_PROMPT_:
Please restate the entries below word for word, leaving out any pictures.

_PROVIDED RECORDS_:

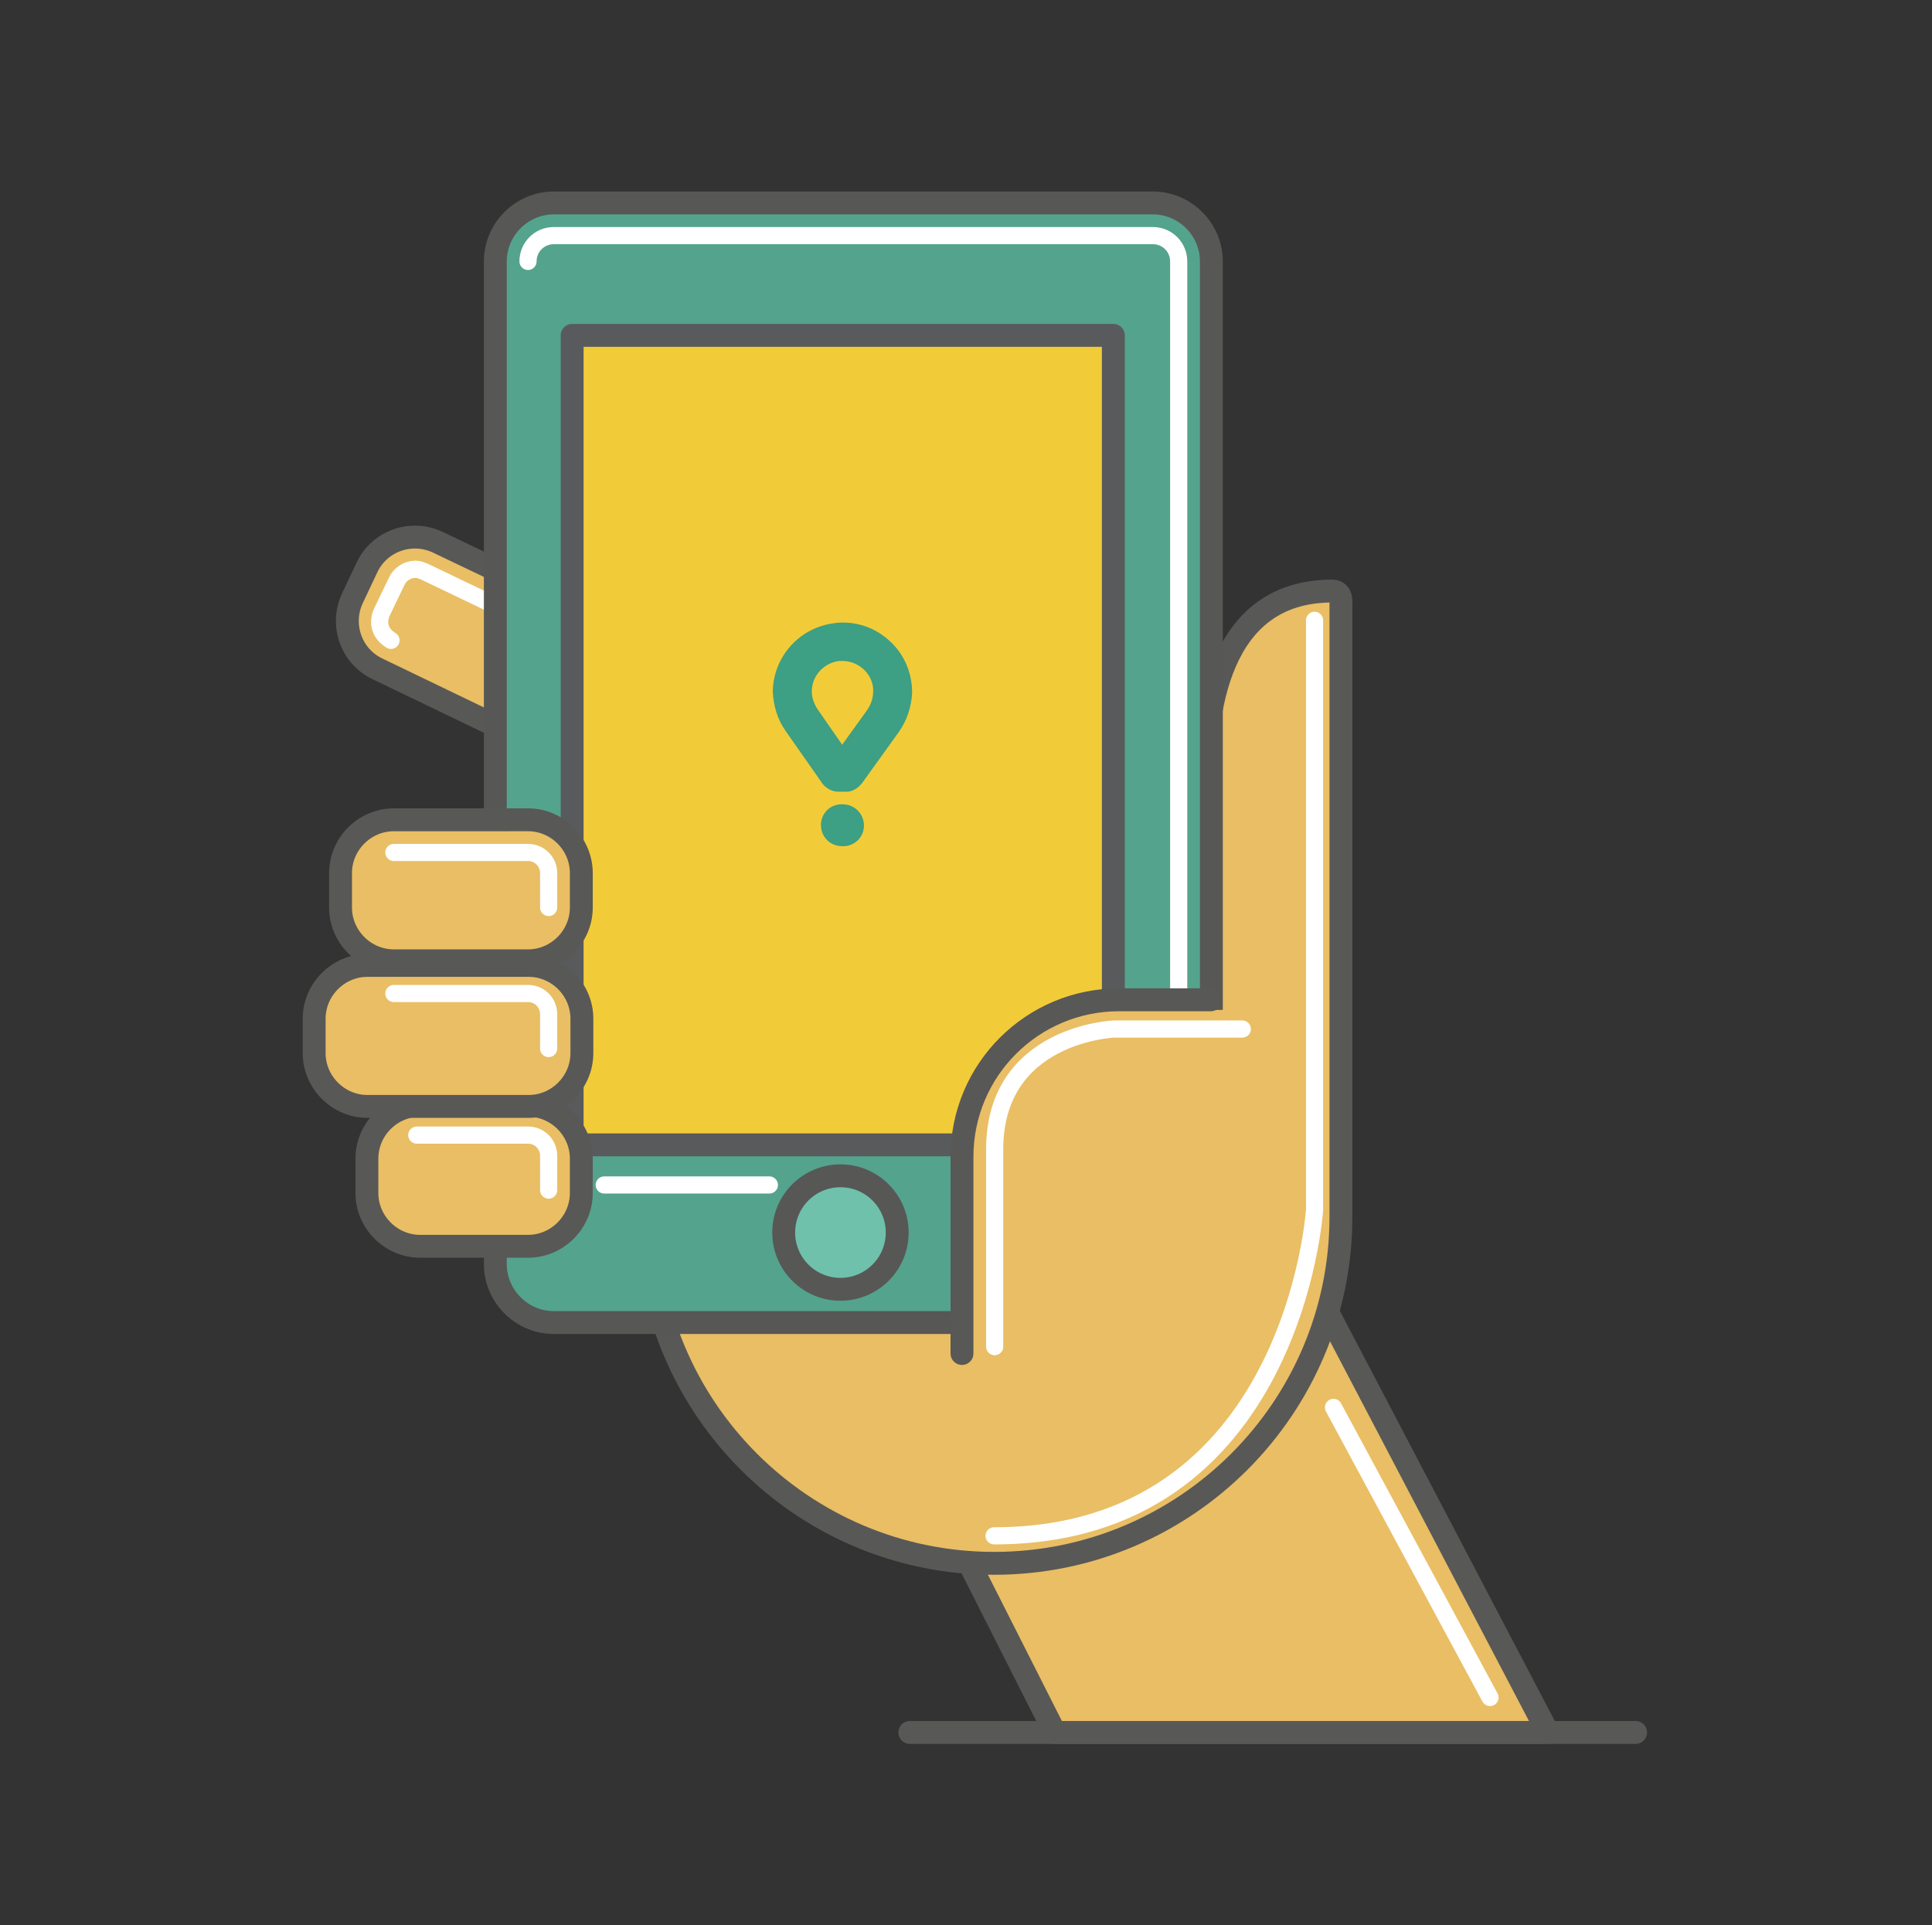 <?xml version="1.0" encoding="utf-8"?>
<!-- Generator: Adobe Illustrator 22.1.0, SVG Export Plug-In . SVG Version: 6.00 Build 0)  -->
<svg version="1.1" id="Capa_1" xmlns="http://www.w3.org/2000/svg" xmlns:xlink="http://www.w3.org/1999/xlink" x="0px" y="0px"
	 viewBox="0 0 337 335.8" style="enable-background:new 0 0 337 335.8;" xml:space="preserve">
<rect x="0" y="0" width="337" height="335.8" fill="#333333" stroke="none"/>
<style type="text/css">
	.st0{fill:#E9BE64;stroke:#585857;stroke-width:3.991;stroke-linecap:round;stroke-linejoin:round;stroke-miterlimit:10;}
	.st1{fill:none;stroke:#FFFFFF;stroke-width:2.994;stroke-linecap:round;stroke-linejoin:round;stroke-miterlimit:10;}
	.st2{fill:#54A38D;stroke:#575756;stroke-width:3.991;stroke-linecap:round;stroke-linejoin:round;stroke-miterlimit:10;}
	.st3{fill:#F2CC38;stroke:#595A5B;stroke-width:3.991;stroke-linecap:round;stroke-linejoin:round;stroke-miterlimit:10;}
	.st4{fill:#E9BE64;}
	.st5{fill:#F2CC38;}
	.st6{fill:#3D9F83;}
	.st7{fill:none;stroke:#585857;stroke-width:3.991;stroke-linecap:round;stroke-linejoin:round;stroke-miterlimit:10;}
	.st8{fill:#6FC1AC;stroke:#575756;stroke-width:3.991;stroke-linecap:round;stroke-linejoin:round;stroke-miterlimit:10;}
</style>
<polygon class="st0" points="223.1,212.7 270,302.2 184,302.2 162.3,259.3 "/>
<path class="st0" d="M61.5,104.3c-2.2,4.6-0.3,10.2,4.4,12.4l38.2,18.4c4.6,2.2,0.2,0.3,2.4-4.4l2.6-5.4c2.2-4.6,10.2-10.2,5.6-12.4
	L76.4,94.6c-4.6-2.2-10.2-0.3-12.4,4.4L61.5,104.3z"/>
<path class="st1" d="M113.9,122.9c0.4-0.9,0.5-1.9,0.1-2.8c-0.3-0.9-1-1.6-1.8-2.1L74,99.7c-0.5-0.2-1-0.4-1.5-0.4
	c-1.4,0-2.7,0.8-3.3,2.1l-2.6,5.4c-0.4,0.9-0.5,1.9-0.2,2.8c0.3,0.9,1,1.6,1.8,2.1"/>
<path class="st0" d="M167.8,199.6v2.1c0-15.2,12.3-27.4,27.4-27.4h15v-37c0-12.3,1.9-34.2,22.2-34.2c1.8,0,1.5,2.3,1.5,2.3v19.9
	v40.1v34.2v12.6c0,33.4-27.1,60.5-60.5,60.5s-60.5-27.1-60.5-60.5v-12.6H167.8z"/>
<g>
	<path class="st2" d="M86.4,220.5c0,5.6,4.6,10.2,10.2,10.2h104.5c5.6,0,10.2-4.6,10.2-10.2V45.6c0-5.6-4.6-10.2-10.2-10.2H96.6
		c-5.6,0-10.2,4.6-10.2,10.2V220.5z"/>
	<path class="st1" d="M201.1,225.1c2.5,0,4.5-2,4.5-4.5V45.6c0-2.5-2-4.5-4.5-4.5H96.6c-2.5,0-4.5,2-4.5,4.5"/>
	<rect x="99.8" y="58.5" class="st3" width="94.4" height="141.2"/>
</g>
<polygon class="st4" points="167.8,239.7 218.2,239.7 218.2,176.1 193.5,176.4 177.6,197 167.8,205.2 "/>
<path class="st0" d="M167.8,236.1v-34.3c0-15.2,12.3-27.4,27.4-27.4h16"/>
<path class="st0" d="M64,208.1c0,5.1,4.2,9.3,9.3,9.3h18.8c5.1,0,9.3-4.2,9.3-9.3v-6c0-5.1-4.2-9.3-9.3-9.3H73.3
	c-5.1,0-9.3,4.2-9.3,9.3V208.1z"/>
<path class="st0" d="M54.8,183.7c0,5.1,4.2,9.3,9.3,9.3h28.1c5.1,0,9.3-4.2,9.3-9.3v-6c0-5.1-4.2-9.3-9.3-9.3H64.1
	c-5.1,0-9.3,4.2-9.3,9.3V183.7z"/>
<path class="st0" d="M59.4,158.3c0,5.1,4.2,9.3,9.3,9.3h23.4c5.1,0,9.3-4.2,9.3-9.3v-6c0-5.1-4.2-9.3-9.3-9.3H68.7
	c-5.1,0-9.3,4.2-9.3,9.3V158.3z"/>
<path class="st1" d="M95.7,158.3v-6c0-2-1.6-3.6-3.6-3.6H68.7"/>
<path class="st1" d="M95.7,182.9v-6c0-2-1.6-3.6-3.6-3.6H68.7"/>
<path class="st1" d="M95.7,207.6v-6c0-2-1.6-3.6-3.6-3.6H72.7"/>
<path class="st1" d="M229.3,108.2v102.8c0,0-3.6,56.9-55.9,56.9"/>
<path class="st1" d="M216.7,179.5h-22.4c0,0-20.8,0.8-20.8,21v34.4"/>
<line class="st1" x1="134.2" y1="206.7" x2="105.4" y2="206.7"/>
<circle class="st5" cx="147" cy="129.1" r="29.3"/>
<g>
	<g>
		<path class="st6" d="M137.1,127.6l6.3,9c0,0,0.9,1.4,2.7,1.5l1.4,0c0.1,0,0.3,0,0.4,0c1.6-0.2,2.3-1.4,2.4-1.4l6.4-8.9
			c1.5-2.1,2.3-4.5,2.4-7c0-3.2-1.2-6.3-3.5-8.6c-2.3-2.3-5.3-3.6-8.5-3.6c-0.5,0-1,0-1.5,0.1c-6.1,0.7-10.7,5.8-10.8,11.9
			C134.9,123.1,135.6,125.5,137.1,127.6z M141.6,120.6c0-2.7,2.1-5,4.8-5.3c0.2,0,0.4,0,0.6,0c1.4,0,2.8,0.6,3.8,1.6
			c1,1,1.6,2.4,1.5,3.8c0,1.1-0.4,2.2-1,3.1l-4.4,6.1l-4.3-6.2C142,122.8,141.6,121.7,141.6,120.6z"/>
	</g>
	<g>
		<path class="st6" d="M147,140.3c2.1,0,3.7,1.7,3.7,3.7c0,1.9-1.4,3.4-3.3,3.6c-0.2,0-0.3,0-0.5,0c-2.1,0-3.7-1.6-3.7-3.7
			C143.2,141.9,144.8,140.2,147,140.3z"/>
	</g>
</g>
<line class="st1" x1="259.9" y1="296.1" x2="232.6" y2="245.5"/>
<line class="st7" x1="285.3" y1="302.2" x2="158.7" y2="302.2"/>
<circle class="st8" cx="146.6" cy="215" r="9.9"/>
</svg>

_EXERCISE OUTPUT_:
 <?xml version="1.0" encoding="utf-8"?>
<!-- Generator: Adobe Illustrator 22.1.0, SVG Export Plug-In . SVG Version: 6.00 Build 0)  -->
<svg version="1.1" id="Capa_1" xmlns="http://www.w3.org/2000/svg" xmlns:xlink="http://www.w3.org/1999/xlink" x="0px" y="0px"
	 viewBox="0 0 337 335.8" style="enable-background:new 0 0 337 335.8;" xml:space="preserve">
<rect x="0" y="0" width="337" height="335.8" fill="#333333" stroke="none"/>
<style type="text/css">
	.st0{fill:#E9BE64;stroke:#585857;stroke-width:3.991;stroke-linecap:round;stroke-linejoin:round;stroke-miterlimit:10;}
	.st1{fill:none;stroke:#FFFFFF;stroke-width:2.994;stroke-linecap:round;stroke-linejoin:round;stroke-miterlimit:10;}
	.st2{fill:#54A38D;stroke:#575756;stroke-width:3.991;stroke-linecap:round;stroke-linejoin:round;stroke-miterlimit:10;}
	.st3{fill:#F2CC38;stroke:#595A5B;stroke-width:3.991;stroke-linecap:round;stroke-linejoin:round;stroke-miterlimit:10;}
	.st4{fill:#E9BE64;}
	.st5{fill:#F2CC38;}
	.st6{fill:#3D9F83;}
	.st7{fill:none;stroke:#585857;stroke-width:3.991;stroke-linecap:round;stroke-linejoin:round;stroke-miterlimit:10;}
	.st8{fill:#6FC1AC;stroke:#575756;stroke-width:3.991;stroke-linecap:round;stroke-linejoin:round;stroke-miterlimit:10;}
</style>
<polygon class="st0" points="223.1,212.7 270,302.2 184,302.2 162.3,259.3 "/>
<path class="st0" d="M61.5,104.3c-2.2,4.6-0.3,10.2,4.4,12.4l38.2,18.4c4.6,2.2,0.2,0.3,2.4-4.4l2.6-5.4c2.2-4.6,10.2-10.2,5.6-12.4
	L76.4,94.6c-4.6-2.2-10.2-0.3-12.4,4.4L61.5,104.3z"/>
<path class="st1" d="M113.9,122.9c0.4-0.9,0.5-1.9,0.1-2.8c-0.3-0.9-1-1.6-1.8-2.1L74,99.7c-0.5-0.2-1-0.4-1.5-0.4
	c-1.4,0-2.7,0.8-3.3,2.1l-2.6,5.4c-0.4,0.9-0.5,1.9-0.2,2.8c0.3,0.9,1,1.6,1.8,2.1"/>
<path class="st0" d="M167.8,199.6v2.1c0-15.2,12.3-27.4,27.4-27.4h15v-37c0-12.3,1.9-34.2,22.2-34.2c1.8,0,1.5,2.3,1.5,2.3v19.9
	v40.1v34.2v12.6c0,33.4-27.1,60.5-60.5,60.5s-60.5-27.1-60.5-60.5v-12.6H167.8z"/>
<g>
	<path class="st2" d="M86.4,220.5c0,5.6,4.6,10.2,10.2,10.2h104.5c5.6,0,10.2-4.6,10.2-10.2V45.6c0-5.6-4.6-10.2-10.2-10.2H96.6
		c-5.6,0-10.2,4.6-10.2,10.2V220.5z"/>
	<path class="st1" d="M201.1,225.1c2.5,0,4.5-2,4.5-4.5V45.6c0-2.5-2-4.5-4.5-4.5H96.6c-2.5,0-4.5,2-4.5,4.5"/>
	<rect x="99.8" y="58.5" class="st3" width="94.4" height="141.2"/>
</g>
<polygon class="st4" points="167.8,239.7 218.2,239.7 218.2,176.1 193.5,176.4 177.6,197 167.8,205.2 "/>
<path class="st0" d="M167.8,236.1v-34.3c0-15.2,12.3-27.4,27.4-27.4h16"/>
<path class="st0" d="M64,208.1c0,5.1,4.2,9.3,9.3,9.3h18.8c5.1,0,9.3-4.2,9.3-9.3v-6c0-5.1-4.2-9.3-9.3-9.3H73.3
	c-5.1,0-9.3,4.2-9.3,9.3V208.1z"/>
<path class="st0" d="M54.8,183.7c0,5.1,4.2,9.3,9.3,9.3h28.1c5.1,0,9.3-4.2,9.3-9.3v-6c0-5.1-4.2-9.3-9.3-9.3H64.1
	c-5.1,0-9.3,4.2-9.3,9.3V183.7z"/>
<path class="st0" d="M59.4,158.3c0,5.1,4.2,9.3,9.3,9.3h23.4c5.1,0,9.3-4.2,9.3-9.3v-6c0-5.1-4.2-9.3-9.3-9.3H68.7
	c-5.1,0-9.3,4.2-9.3,9.3V158.3z"/>
<path class="st1" d="M95.7,158.3v-6c0-2-1.6-3.6-3.6-3.6H68.7"/>
<path class="st1" d="M95.7,182.9v-6c0-2-1.6-3.6-3.6-3.6H68.7"/>
<path class="st1" d="M95.7,207.6v-6c0-2-1.6-3.6-3.6-3.6H72.7"/>
<path class="st1" d="M229.3,108.2v102.8c0,0-3.6,56.9-55.9,56.9"/>
<path class="st1" d="M216.7,179.5h-22.4c0,0-20.8,0.8-20.8,21v34.4"/>
<line class="st1" x1="134.2" y1="206.7" x2="105.4" y2="206.7"/>
<circle class="st5" cx="147" cy="129.1" r="29.3"/>
<g>
	<g>
		<path class="st6" d="M137.1,127.6l6.3,9c0,0,0.9,1.4,2.7,1.5l1.4,0c0.1,0,0.3,0,0.4,0c1.6-0.2,2.3-1.4,2.4-1.4l6.4-8.9
			c1.5-2.1,2.3-4.5,2.4-7c0-3.2-1.2-6.3-3.5-8.6c-2.3-2.3-5.3-3.6-8.5-3.6c-0.5,0-1,0-1.5,0.1c-6.1,0.7-10.7,5.8-10.8,11.9
			C134.9,123.1,135.6,125.5,137.1,127.6z M141.6,120.6c0-2.7,2.1-5,4.8-5.3c0.2,0,0.4,0,0.6,0c1.4,0,2.8,0.6,3.8,1.6
			c1,1,1.6,2.4,1.5,3.8c0,1.1-0.4,2.2-1,3.1l-4.4,6.1l-4.3-6.2C142,122.8,141.6,121.7,141.6,120.6z"/>
	</g>
	<g>
		<path class="st6" d="M147,140.3c2.1,0,3.7,1.7,3.7,3.7c0,1.9-1.4,3.4-3.3,3.6c-0.2,0-0.3,0-0.5,0c-2.1,0-3.7-1.6-3.7-3.7
			C143.2,141.9,144.8,140.2,147,140.3z"/>
	</g>
</g>
<line class="st1" x1="259.9" y1="296.1" x2="232.6" y2="245.5"/>
<line class="st7" x1="285.3" y1="302.2" x2="158.7" y2="302.2"/>
<circle class="st8" cx="146.6" cy="215" r="9.9"/>
</svg>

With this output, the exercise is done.